*What you will do*: Each entry in the material below should be copied without any alteration.

*Exercise data*:
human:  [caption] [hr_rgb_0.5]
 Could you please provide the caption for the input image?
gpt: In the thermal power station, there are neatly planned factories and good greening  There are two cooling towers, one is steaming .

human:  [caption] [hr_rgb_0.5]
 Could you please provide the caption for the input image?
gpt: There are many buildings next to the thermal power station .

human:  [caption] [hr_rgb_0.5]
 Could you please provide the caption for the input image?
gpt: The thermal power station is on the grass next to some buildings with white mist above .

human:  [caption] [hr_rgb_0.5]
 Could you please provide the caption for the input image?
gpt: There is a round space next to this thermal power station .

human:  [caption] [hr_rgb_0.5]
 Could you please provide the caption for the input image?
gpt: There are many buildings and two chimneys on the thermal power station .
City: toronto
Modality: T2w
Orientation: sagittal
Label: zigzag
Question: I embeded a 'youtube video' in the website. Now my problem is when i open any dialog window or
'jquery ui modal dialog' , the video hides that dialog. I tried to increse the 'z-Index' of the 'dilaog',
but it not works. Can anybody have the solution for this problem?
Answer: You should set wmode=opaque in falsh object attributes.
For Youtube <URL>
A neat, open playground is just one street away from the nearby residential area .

*Response area*:
human:  [caption] [hr_rgb_0.5]
 Could you please provide the caption for the input image?
gpt: In the thermal power station, there are neatly planned factories and good greening  There are two cooling towers, one is steaming .

human:  [caption] [hr_rgb_0.5]
 Could you please provide the caption for the input image?
gpt: There are many buildings next to the thermal power station .

human:  [caption] [hr_rgb_0.5]
 Could you please provide the caption for the input image?
gpt: The thermal power station is on the grass next to some buildings with white mist above .

human:  [caption] [hr_rgb_0.5]
 Could you please provide the caption for the input image?
gpt: There is a round space next to this thermal power station .

human:  [caption] [hr_rgb_0.5]
 Could you please provide the caption for the input image?
gpt: There are many buildings and two chimneys on the thermal power station .
City: toronto
Modality: T2w
Orientation: sagittal
Label: zigzag
Question: I embeded a 'youtube video' in the website. Now my problem is when i open any dialog window or
'jquery ui modal dialog' , the video hides that dialog. I tried to increse the 'z-Index' of the 'dilaog',
but it not works. Can anybody have the solution for this problem?
Answer: You should set wmode=opaque in falsh object attributes.
For Youtube <URL>
A neat, open playground is just one street away from the nearby residential area .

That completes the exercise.